Farrow et al. [42] documented substantial geographical variation in patterns of treatment of cancer and other diseases. Because cancer treatment is not uniform nationwide in the States, survival following the diagnosis of cancer might also be expected to vary geographically. Survival data from the nine population-based registries in the SEER Program were analyzed for cancers of the stomach, colon, rectum, lung, breast, uterus, ovary, prostate, and bladder. The patients included all non-Hispanic white patients diagnosed with cancer of one of the selected sites during 1983–1991. Regional variation in crude five-year survival rates across the nine SEER areas was most marked for cancers of the uterus and prostate. For uterine cancer, for example, five-year survival ranged from 73.2% in Connecticut to 84.0% in Hawaii. Less marked variation was observed for cancers of the colon, rectum, and breast. For cancers of the bladder, ovary, stomach, and lung, survival rates five years after diagnosis were relatively invariant across the SEER areas.

Maggard et al. [43] also found that variations in the breast cancer mortality rates exist between states. A nearly 50% increase is observed between the states with the highest and lowest mortality rates. Adjusted analyses demonstrated that stage at presentation is a more important predictor of mortality variation than treatment differences. Goodwin et al. [44] examined breast cancer incidence, survival, and mortality in the 66 health service areas covered by the SEER program for women aged 65 and older at diagnosis. They found that there was considerable geographic variation in survival from breast cancer among older women, and this contributed to variation in breast cancer mortality. The elevated mortality in the Northeast is apparent only in older women [45]. For women aged 65 years and older, breast cancer mortality is 26% higher in New England than in the South, while incidence is only 3% higher. Breast cancer mortality for older women by state correlates poorly with incidence (r = 0.28).

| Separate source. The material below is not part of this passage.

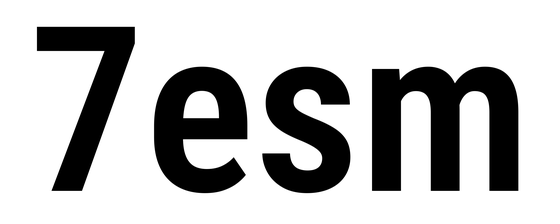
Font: Roboto_Condensed_SemiBold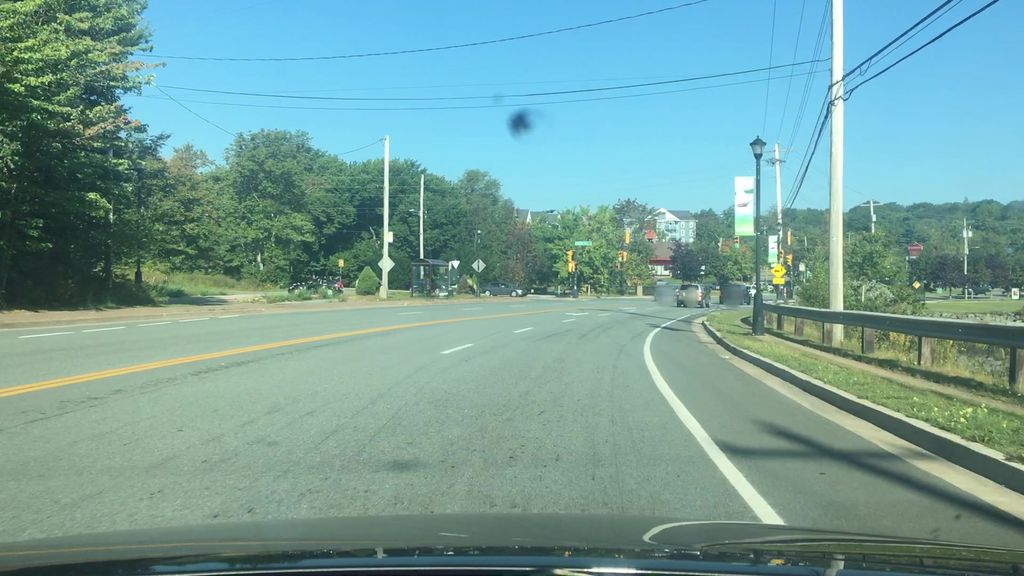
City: halifax

The above-mentioned results are consistent with that from the present study: the Connecticut registry has lower CSSR than the San Francisco-Oakland registry for the period 1991–1995. The Connecticut cohort has median age at diagnosis of 66 (range 25–103), while the San Francisco-Oakland cohort has lower median age of 63 (range 26–96). It could be argued that new treatments evolved in the recent decade have improved the survival of the breast cancer patients, and younger patients benefit more than the older patients. Apart from treatment offered, changes of survival rates over time or geographical areas can be due to co-morbidities or other characteristics such as race, age, and differences in staging procedures.


For the period 1981–1985, the 15-year cause-specific survival for the Connecticut and the San Francisco-Oakland registries were comparable. For the period 1991–1995, there was not much change in survival for the Connecticut registry patients, but there was an improvement in survival for the San Francisco-Oakland registry patients.